**What you need to do**
Transcribe every entry that follows, word for word, and omit the images.

**Listed entries**
=== Begin Enclosure ===
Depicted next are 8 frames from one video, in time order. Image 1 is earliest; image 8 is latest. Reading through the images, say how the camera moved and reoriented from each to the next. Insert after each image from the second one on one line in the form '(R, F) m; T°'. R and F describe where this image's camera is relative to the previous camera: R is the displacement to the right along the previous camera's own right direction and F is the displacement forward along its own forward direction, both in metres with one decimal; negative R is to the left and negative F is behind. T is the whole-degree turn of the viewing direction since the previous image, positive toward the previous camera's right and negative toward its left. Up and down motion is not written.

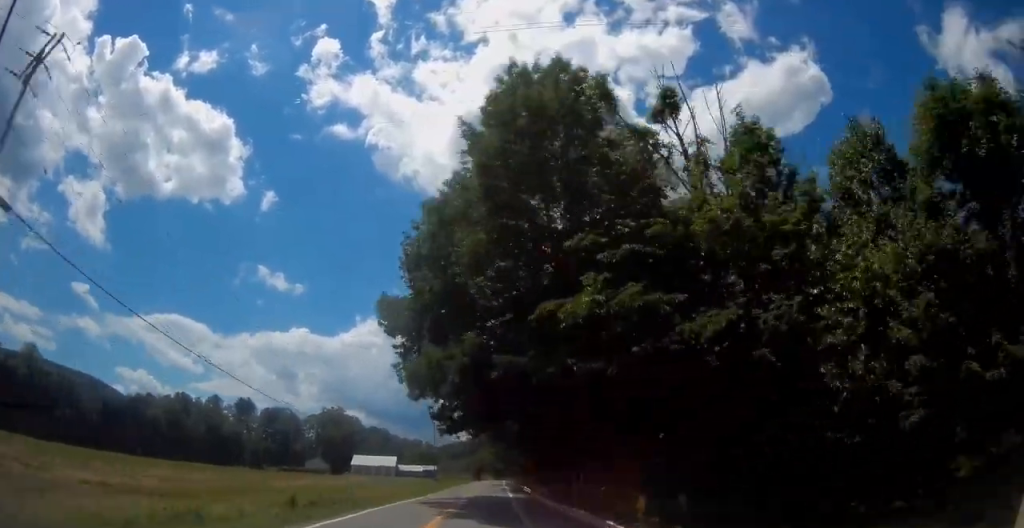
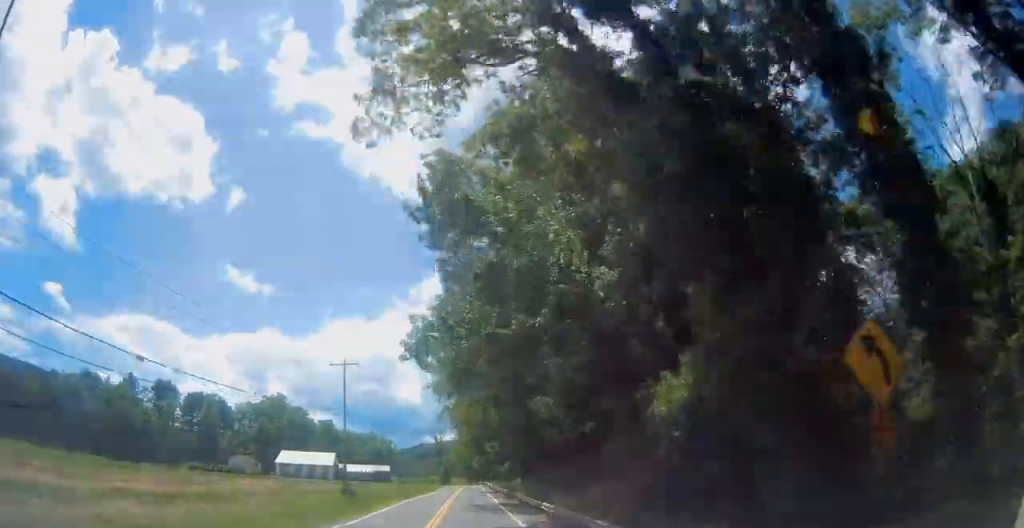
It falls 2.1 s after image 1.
(+0.9, +50.5) m; +1°
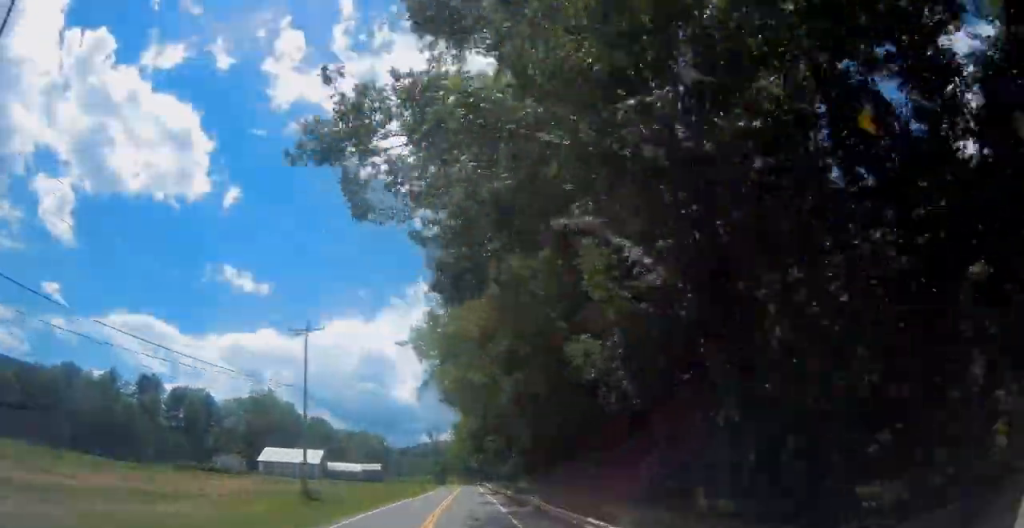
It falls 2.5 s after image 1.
(0.0, +10.5) m; 0°
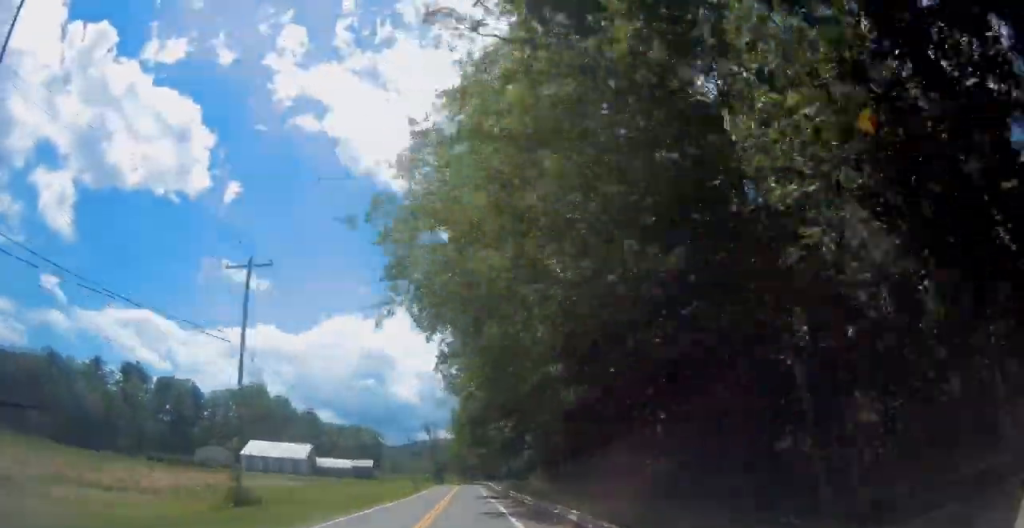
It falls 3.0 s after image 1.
(0.0, +10.8) m; 0°
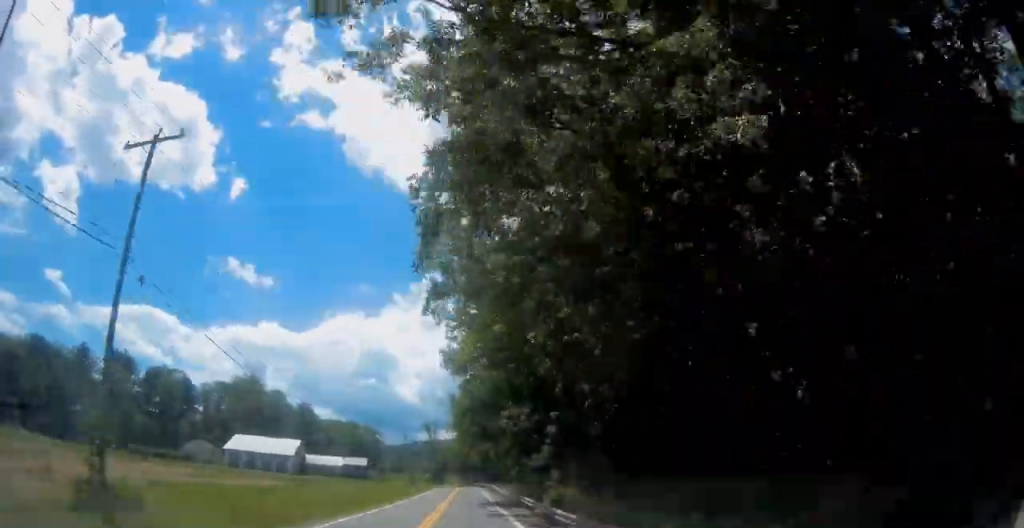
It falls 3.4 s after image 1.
(0.0, +10.8) m; 0°
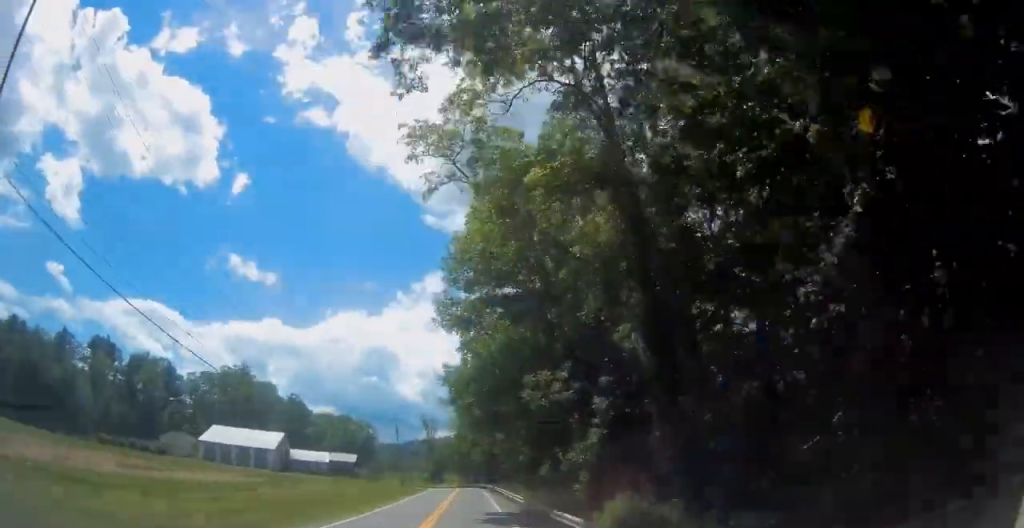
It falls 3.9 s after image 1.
(0.0, +12.4) m; 0°
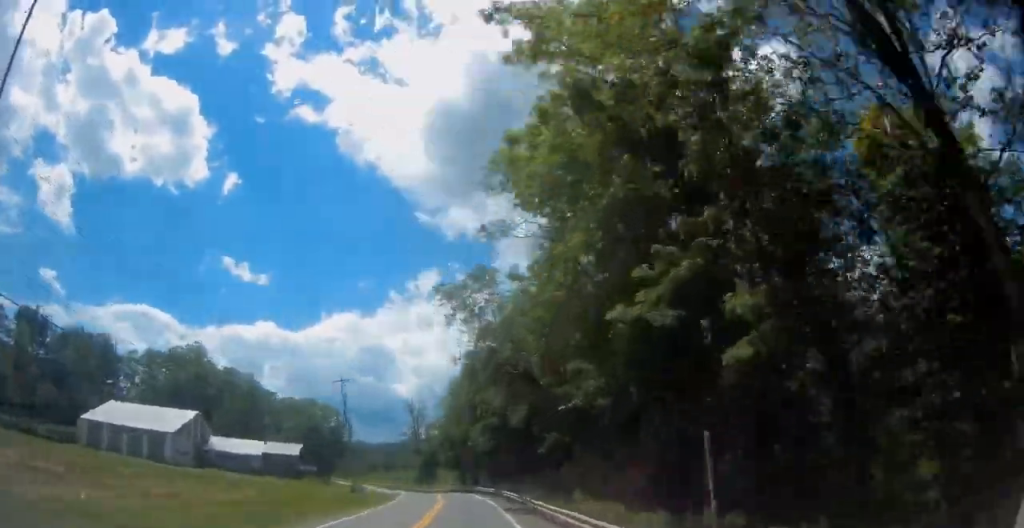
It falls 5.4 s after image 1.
(0.0, +36.5) m; +1°
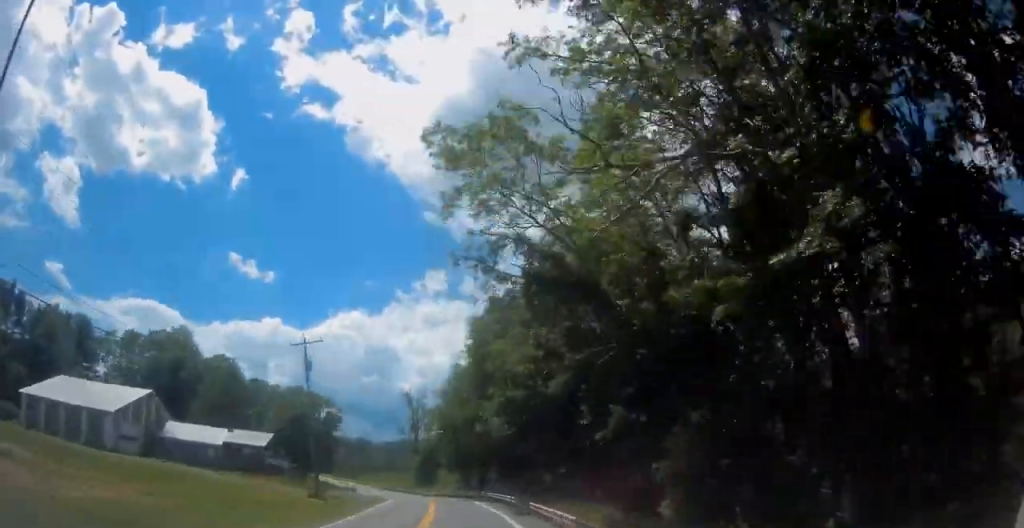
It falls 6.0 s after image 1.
(+0.1, +13.9) m; 0°
=== End Enclosure ===
**Response to the task**
Depicted next are 8 frames from one video, in time order. Image 1 is earliest; image 8 is latest. Reading through the images, say how the camera moved and reoriented from each to the next. Insert after each image from the second one on one line in the form '(R, F) m; T°'. R and F describe where this image's camera is relative to the previous camera: R is the displacement to the right along the previous camera's own right direction and F is the displacement forward along its own forward direction, both in metres with one decimal; negative R is to the left and negative F is behind. T is the whole-degree turn of the viewing direction since the previous image, positive toward the previous camera's right and negative toward its left. Up and down motion is not written.

It falls 2.1 s after image 1.
(+0.9, +50.5) m; +1°
It falls 2.5 s after image 1.
(0.0, +10.5) m; 0°
It falls 3.0 s after image 1.
(0.0, +10.8) m; 0°
It falls 3.4 s after image 1.
(0.0, +10.8) m; 0°
It falls 3.9 s after image 1.
(0.0, +12.4) m; 0°
It falls 5.4 s after image 1.
(0.0, +36.5) m; +1°
It falls 6.0 s after image 1.
(+0.1, +13.9) m; 0°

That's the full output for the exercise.